* _The task_: Return the line containing "0.0 to 2.4 s: The" together with every later line up to the end of the records, exactly and with no pictures; return nothing else.

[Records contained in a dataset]
****************

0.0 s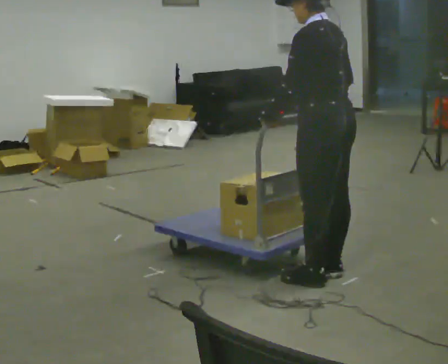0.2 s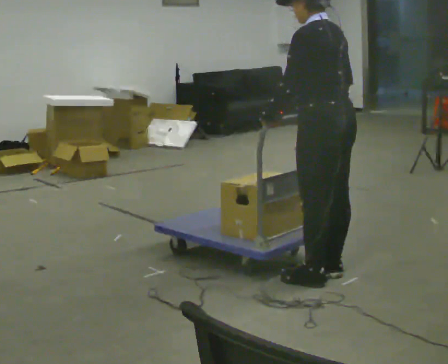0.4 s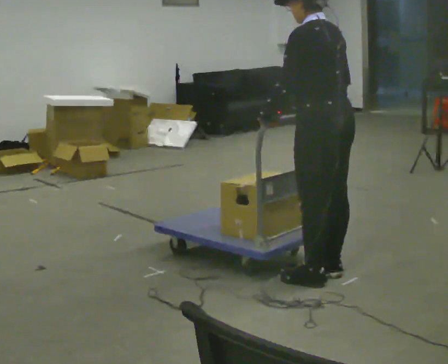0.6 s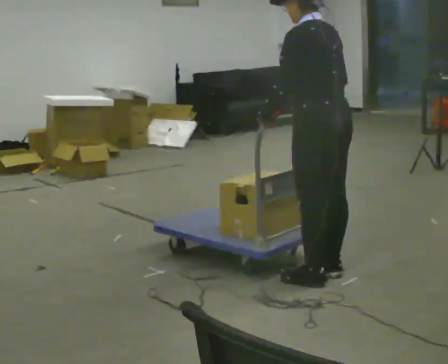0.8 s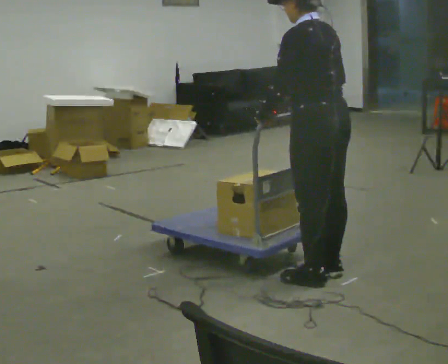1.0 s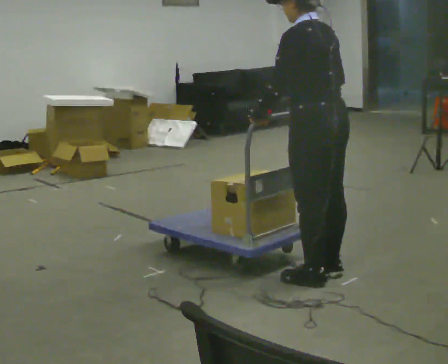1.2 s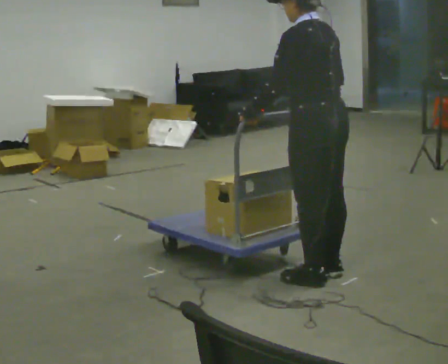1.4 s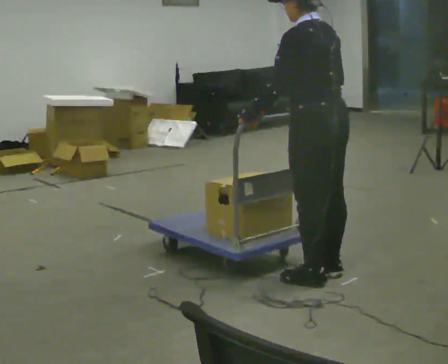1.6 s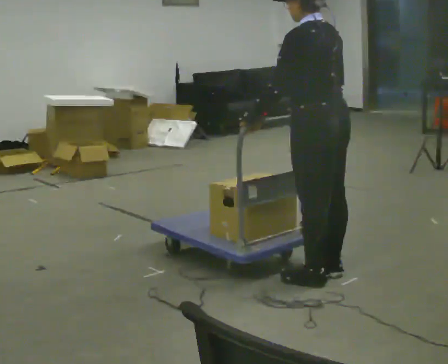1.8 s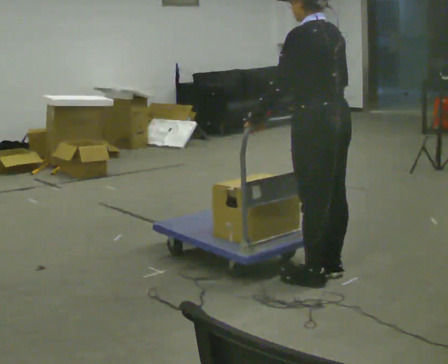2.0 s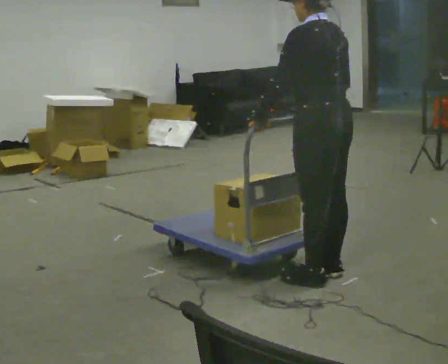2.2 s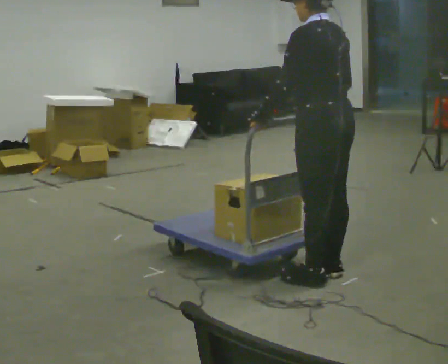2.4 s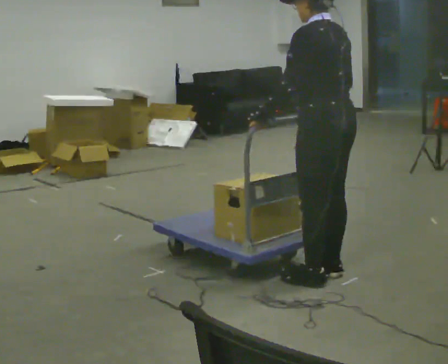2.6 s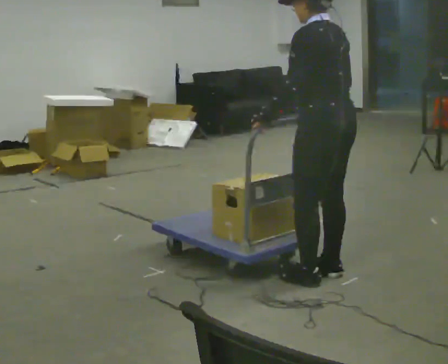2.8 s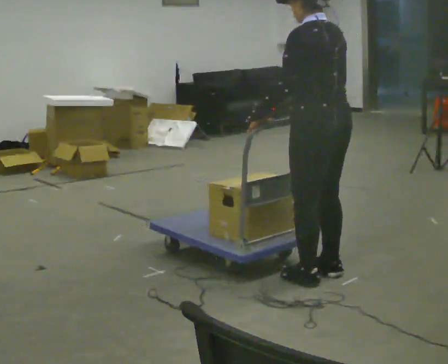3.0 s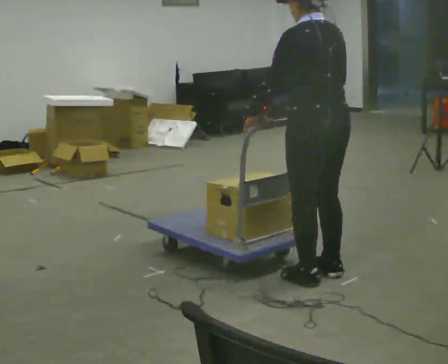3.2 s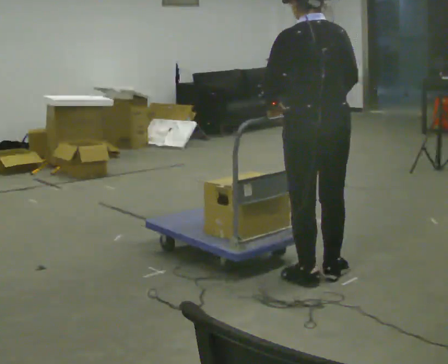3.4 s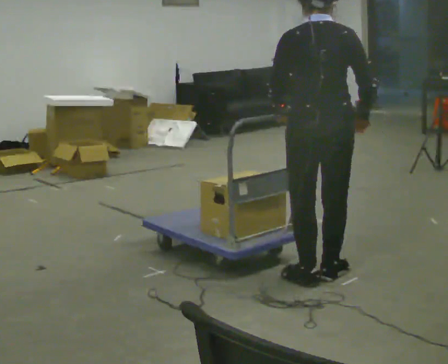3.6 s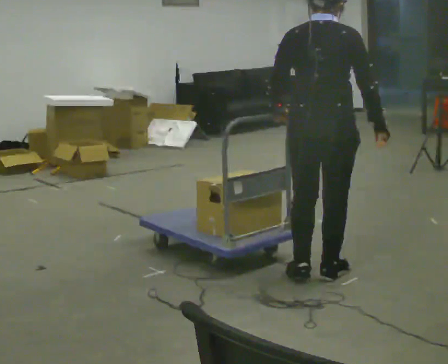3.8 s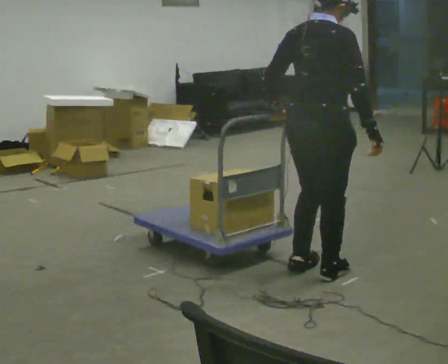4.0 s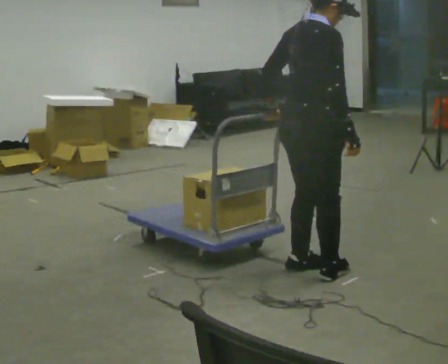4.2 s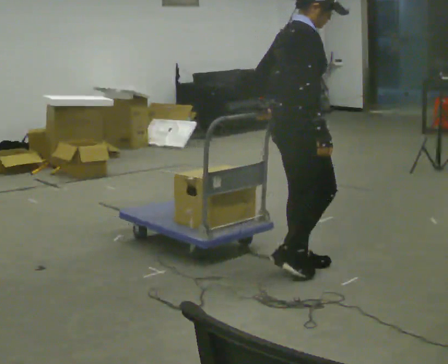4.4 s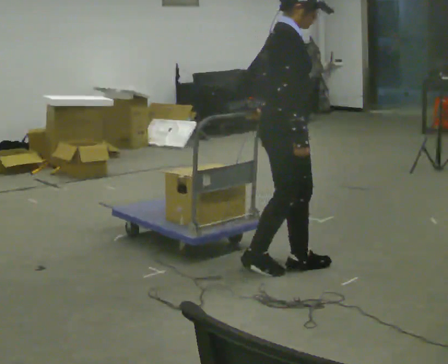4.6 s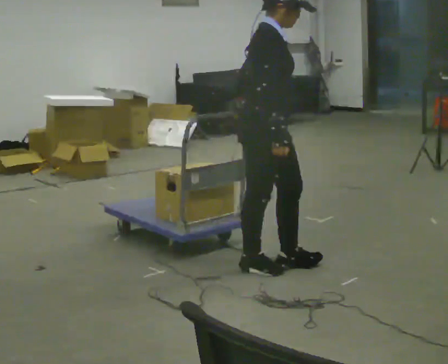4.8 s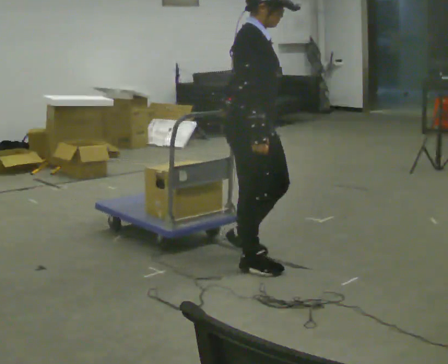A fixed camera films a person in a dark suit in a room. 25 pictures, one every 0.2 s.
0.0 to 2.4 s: The person moves a little, or ends about where they began.
2.4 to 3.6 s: Seen from above the body turns clockwise, about 60 degrees: to their right, with its near side sliding to the left. In the picture their right hand goes to the right.
3.6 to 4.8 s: The person turns about 90 degrees to their right, clockwise seen from above, so the part of the body nearest the lens slides to the left. In the picture they go to the left, about 0.5 m in 2 steps.
The film runs backward here.
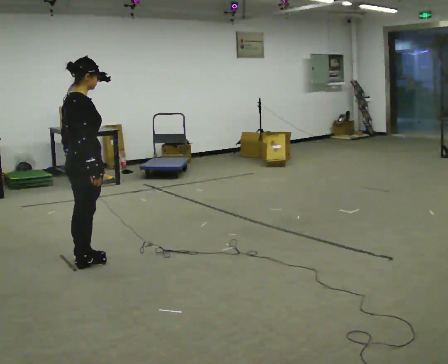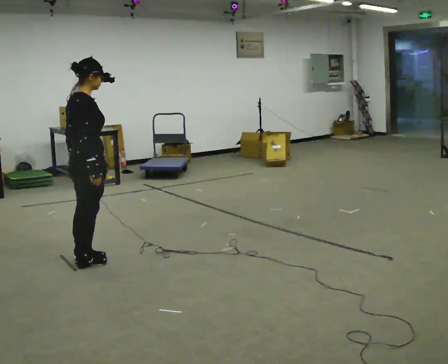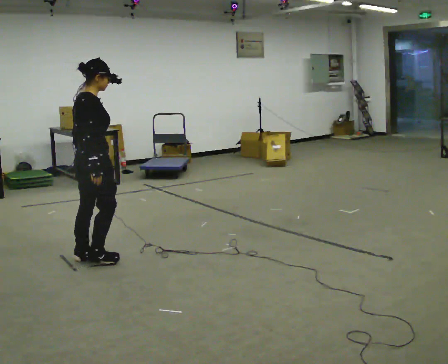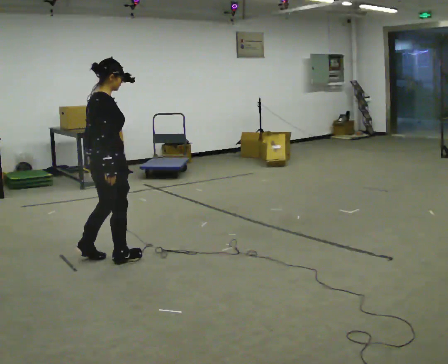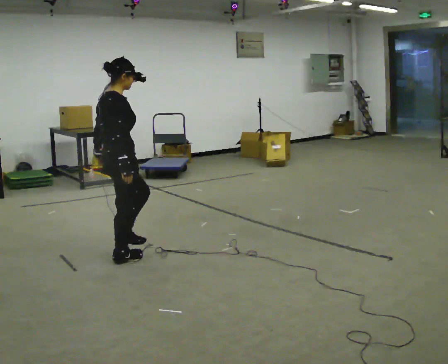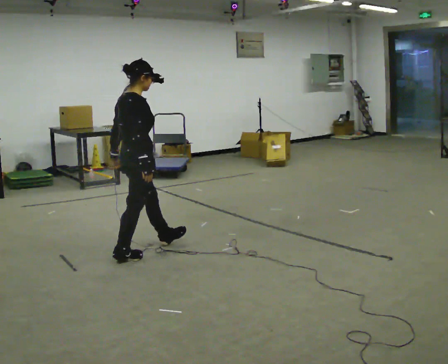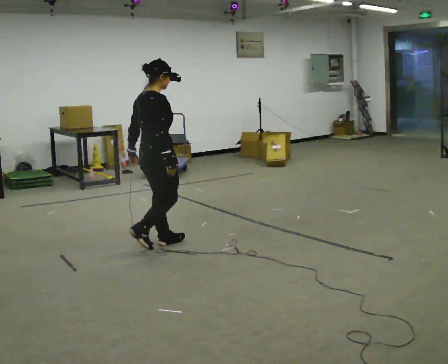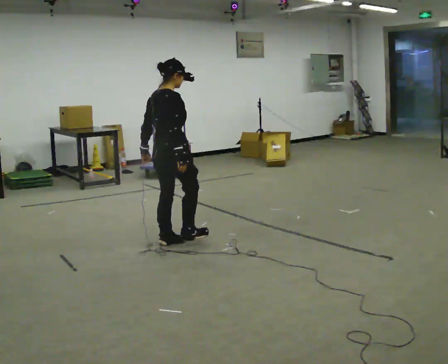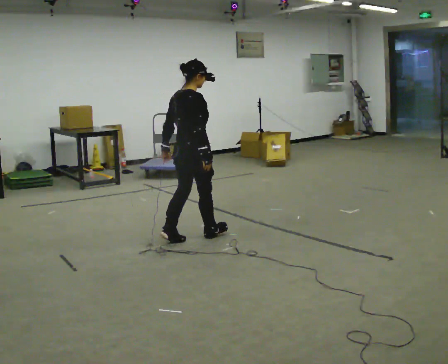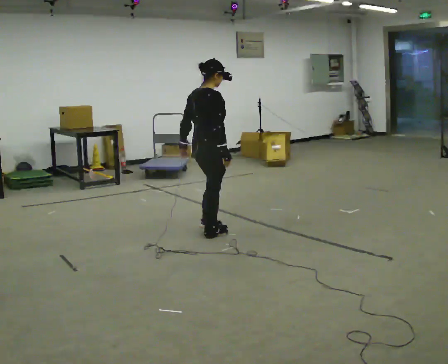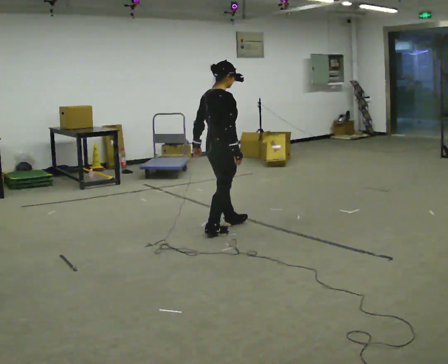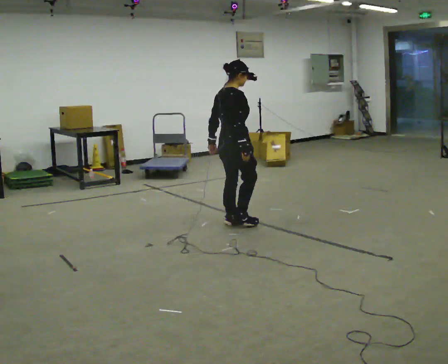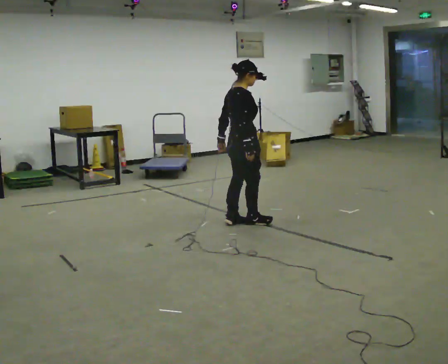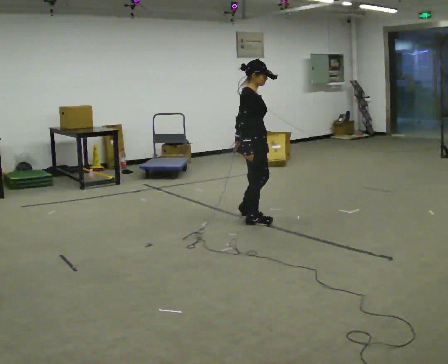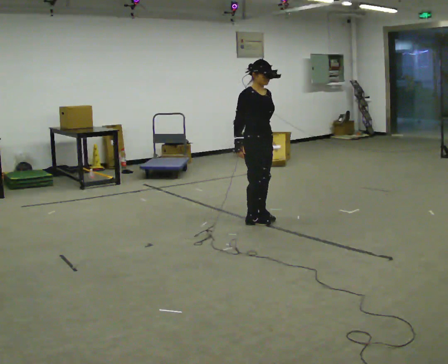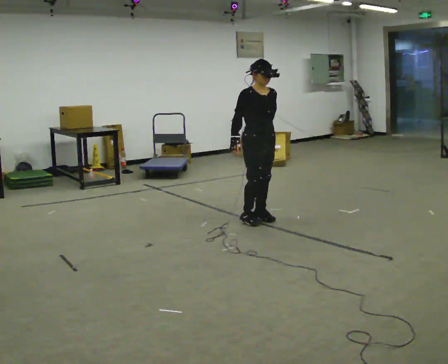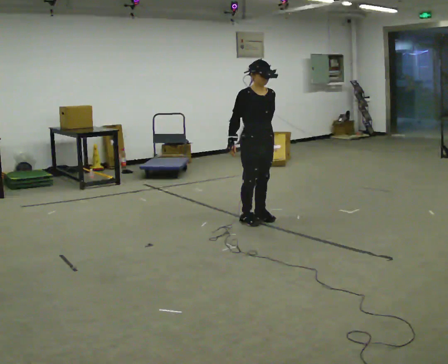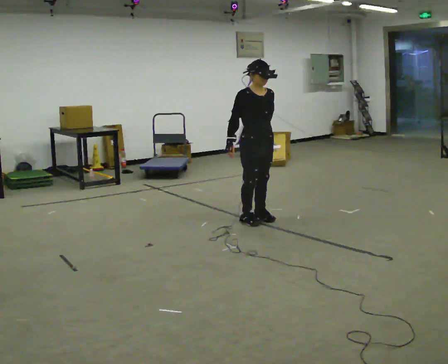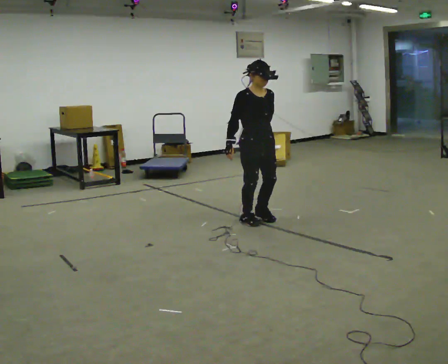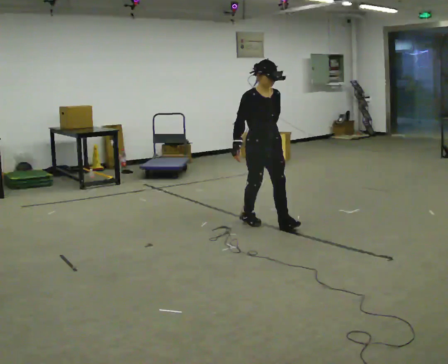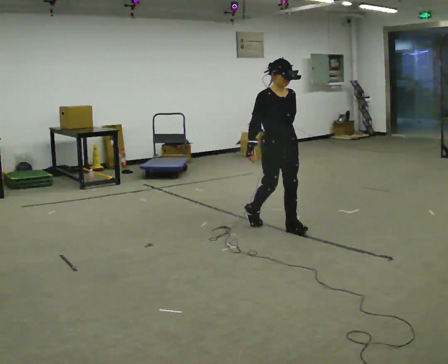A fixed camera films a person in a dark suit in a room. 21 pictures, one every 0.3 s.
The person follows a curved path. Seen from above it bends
clockwise.
The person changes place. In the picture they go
to the right.
0.0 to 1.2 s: In the picture they go to the right, about 0.25 m in 1 step, which for them is forward.
1.2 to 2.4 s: In the picture they go to the right and away from the camera, about 0.5 m in 2 steps, which for them is forward.
2.4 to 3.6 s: In the picture they go to the right and away from the camera, about 0.5 m in 2 steps, which for them is forward.
3.6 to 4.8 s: The person turns about 75 degrees to their right, clockwise seen from above, so the part of the body nearest the lens slides to the left.
4.8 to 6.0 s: In the picture they go toward the camera and to the right, about 0.25 m in 1 step, which for them is forward.
The film runs forward here.

****************

* _Answer space_:
0.0 to 2.4 s: The person moves a little, or ends about where they began.
2.4 to 3.6 s: Seen from above the body turns clockwise, about 60 degrees: to their right, with its near side sliding to the left. In the picture their right hand goes to the right.
3.6 to 4.8 s: The person turns about 90 degrees to their right, clockwise seen from above, so the part of the body nearest the lens slides to the left. In the picture they go to the left, about 0.5 m in 2 steps.
The film runs backward here.
A fixed camera films a person in a dark suit in a room. 21 pictures, one every 0.3 s.
The person follows a curved path. Seen from above it bends
clockwise.
The person changes place. In the picture they go
to the right.
0.0 to 1.2 s: In the picture they go to the right, about 0.25 m in 1 step, which for them is forward.
1.2 to 2.4 s: In the picture they go to the right and away from the camera, about 0.5 m in 2 steps, which for them is forward.
2.4 to 3.6 s: In the picture they go to the right and away from the camera, about 0.5 m in 2 steps, which for them is forward.
3.6 to 4.8 s: The person turns about 75 degrees to their right, clockwise seen from above, so the part of the body nearest the lens slides to the left.
4.8 to 6.0 s: In the picture they go toward the camera and to the right, about 0.25 m in 1 step, which for them is forward.
The film runs forward here.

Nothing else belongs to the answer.